La situation est encore exacerbée par la nomination par le président Kennedy de son frère Bobby au poste de procureur général ; un homme avec un zeste connu pour poursuivre des organisations criminelles, et accessoirement, le corrompu Jimmy. Sans trop gâcher, l'empire de Jimmy lui est dépouillé et sa réticence à prendre du recul par rapport aux apparitions publiques commence à susciter des inquiétudes… « inquiétude » équivaut à une crise dans la mafia. Après que Jimmy ait fait des bruits selon lesquels ses débiteurs mafieux sont « ingrats » et suggère qu'il pourrait les dénoncer s'ils menacent son gagne-pain (ou sa vie réelle d'ailleurs), Frank est appelé et lui demande où réside vraiment sa loyauté dévote.

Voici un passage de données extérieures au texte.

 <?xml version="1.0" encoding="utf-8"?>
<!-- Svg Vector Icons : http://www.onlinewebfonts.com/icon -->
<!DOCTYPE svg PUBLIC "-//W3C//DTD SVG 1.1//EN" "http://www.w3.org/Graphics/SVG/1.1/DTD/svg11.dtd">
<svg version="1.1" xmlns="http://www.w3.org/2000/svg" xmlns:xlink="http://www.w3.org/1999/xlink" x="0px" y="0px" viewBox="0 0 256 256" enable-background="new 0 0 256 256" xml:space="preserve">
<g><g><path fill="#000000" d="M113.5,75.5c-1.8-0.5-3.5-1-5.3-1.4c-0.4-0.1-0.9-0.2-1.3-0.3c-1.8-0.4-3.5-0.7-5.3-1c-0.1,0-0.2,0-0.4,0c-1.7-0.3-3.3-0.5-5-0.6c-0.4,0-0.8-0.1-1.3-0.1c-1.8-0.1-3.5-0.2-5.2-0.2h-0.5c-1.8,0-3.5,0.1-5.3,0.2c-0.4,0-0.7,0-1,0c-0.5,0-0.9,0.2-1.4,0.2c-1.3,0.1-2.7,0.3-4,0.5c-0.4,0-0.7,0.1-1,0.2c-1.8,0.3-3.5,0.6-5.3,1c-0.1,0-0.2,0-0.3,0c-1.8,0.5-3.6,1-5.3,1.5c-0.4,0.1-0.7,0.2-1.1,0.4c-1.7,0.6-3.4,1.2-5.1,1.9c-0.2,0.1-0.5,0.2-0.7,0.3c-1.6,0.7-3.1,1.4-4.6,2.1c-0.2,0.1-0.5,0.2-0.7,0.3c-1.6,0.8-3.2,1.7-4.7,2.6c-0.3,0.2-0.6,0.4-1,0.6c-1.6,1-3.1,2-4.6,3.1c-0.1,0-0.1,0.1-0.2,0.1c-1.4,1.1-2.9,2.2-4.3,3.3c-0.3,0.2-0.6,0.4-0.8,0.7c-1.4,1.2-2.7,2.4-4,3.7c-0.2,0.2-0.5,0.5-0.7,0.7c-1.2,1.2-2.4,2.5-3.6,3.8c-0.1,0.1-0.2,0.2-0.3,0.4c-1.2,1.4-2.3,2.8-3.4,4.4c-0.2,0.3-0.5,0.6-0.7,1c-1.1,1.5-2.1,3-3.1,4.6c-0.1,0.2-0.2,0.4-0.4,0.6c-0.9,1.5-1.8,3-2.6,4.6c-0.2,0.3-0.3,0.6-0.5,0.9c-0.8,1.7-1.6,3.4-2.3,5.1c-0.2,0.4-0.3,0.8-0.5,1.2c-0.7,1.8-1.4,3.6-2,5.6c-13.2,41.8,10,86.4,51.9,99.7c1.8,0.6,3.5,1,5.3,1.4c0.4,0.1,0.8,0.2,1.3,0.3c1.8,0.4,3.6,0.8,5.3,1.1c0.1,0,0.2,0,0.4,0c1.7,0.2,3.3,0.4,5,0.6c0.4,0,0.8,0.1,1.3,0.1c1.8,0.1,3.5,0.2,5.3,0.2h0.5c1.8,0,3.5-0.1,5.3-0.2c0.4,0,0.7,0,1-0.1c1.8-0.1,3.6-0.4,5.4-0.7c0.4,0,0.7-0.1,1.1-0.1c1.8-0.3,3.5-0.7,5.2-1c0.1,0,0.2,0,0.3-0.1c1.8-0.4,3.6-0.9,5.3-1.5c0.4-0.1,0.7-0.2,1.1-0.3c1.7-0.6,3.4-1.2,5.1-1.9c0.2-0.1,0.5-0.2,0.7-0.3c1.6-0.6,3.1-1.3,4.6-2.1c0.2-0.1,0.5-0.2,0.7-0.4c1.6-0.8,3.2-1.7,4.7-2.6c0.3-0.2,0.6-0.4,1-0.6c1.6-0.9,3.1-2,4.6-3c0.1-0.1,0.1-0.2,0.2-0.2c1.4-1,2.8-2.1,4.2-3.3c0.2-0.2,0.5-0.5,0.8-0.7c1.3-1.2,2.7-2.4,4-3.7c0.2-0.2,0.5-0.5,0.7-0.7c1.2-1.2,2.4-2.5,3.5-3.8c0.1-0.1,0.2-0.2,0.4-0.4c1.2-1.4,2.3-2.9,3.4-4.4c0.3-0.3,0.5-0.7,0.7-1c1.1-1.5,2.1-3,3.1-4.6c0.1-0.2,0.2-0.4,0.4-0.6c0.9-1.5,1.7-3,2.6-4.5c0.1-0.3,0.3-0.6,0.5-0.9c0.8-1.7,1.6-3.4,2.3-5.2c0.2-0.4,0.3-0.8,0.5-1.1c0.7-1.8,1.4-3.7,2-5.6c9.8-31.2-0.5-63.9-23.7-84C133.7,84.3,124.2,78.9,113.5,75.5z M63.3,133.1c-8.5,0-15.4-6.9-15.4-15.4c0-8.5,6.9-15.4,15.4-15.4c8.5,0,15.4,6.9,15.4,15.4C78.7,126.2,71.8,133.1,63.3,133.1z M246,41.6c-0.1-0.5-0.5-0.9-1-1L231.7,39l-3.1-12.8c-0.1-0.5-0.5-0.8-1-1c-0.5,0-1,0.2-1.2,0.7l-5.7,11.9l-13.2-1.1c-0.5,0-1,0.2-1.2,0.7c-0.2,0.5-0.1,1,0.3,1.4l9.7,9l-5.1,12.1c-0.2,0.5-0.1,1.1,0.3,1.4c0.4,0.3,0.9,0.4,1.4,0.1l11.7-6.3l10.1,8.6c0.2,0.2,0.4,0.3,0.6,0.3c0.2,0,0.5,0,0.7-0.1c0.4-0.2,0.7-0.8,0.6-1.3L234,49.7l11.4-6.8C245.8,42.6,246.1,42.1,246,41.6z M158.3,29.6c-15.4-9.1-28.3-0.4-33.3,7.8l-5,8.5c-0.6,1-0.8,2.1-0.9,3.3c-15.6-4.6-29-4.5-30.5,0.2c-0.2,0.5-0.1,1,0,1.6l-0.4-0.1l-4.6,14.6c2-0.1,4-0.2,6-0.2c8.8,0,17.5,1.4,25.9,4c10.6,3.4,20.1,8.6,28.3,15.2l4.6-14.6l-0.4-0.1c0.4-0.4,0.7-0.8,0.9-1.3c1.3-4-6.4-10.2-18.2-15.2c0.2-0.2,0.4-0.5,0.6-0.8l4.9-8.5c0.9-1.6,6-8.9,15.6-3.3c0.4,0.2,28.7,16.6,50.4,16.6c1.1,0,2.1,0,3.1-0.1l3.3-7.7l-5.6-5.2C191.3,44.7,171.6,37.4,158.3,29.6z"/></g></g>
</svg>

Il convient de rappeler à nouveau que les acteurs et le réalisateur ont été le principal attrait de tous ceux qui ont visité les multiplexes ou sacrifié une soirée entière sur Netflix pour L'Irlandais, et pas une seule performance déçue. Même le camée arbitraire d'Action Bronson a été bien joué. En théorie, l'idée que Pesci joue un rôle de mentor pour De Niro est étrange, mais mon Dieu, c'est le petit homme qui le fait fonctionner. Sorti de sa retraite par Scorsese, Pesci est une merveille absolue dans le rôle de Russell Bufalino : pas effrayant et impétueux comme Tommy DeSimone, mais un intrigant tranquille, un réparateur. À bien des égards, son contrôle et son influence dans ce rôle d'orchestrateur le rendent encore plus menaçant.
La représentation par De Niro du tueur à gages irlandais Frank Sheeran est une aussi belle performance que celle que nous avons vue de l'homme depuis Casino (1995). Ses moments de résignation tranquille et de tristesse sourde sont absolument dévastateurs, et des passages sporadiques de lui aux prises avec des difficultés physiques et émotionnelles au crépuscule de ses années lui donnent vraiment une boule dans la gorge. La meilleure performance, pour moi, est venue d'Al Pacino en tant que loquace Jimmer Hoffa. Dans un rôle différent de tous ceux que j'ai vus du huit fois oscarisé, Pacino dégage une impétuosité et une imperméabilité pour presque tout le monde (à l'exception de son confident Frank) et ses plaisanteries constantes fournissent certaines des lignes les plus mémorables du film.